**Input data:**
▽

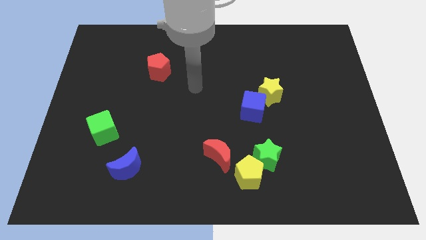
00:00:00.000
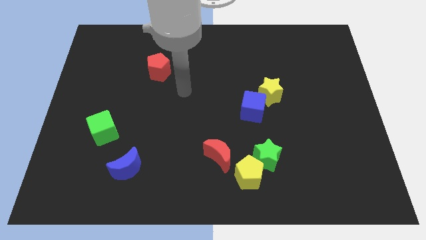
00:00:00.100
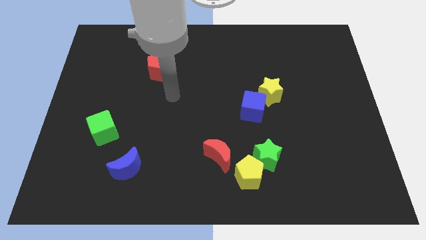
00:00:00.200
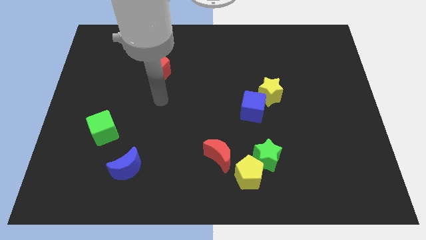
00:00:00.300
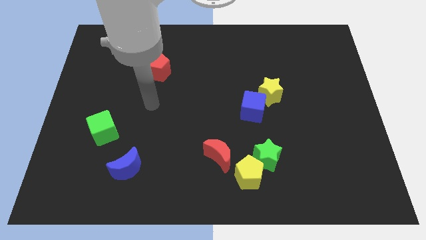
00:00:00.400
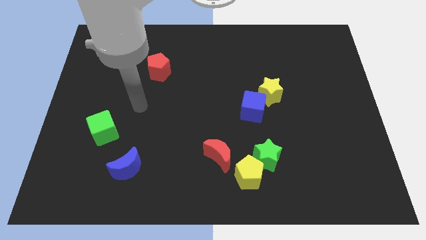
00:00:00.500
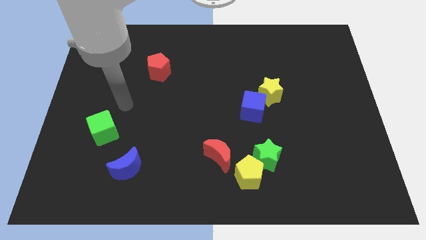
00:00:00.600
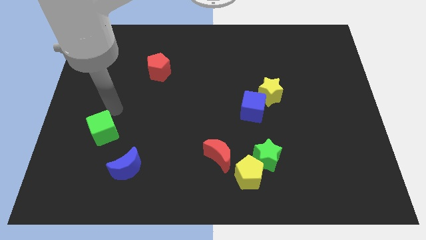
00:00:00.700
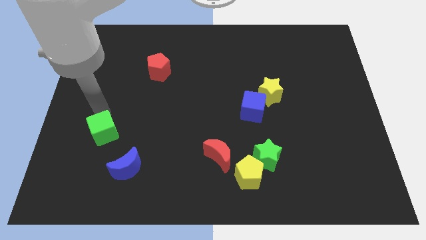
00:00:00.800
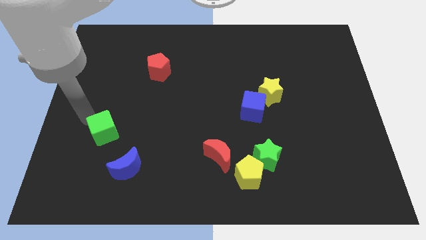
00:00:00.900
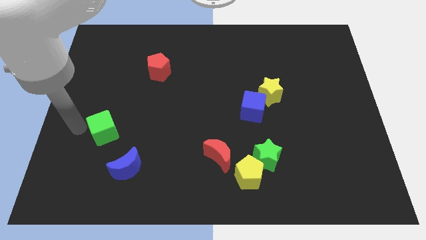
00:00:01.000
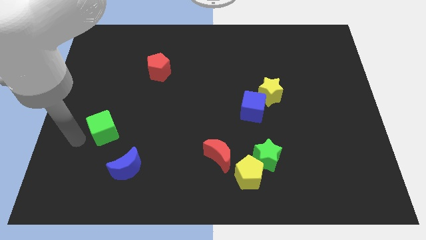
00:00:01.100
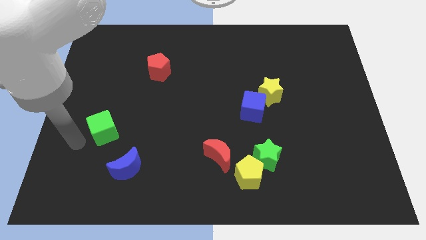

△

**Task item:** All that's required is the material above repeated exactly, minus any picture.

**Answer below:**
00:00:00.000
00:00:00.100
00:00:00.200
00:00:00.300
00:00:00.400
00:00:00.500
00:00:00.600
00:00:00.700
00:00:00.800
00:00:00.900
00:00:01.000
00:00:01.100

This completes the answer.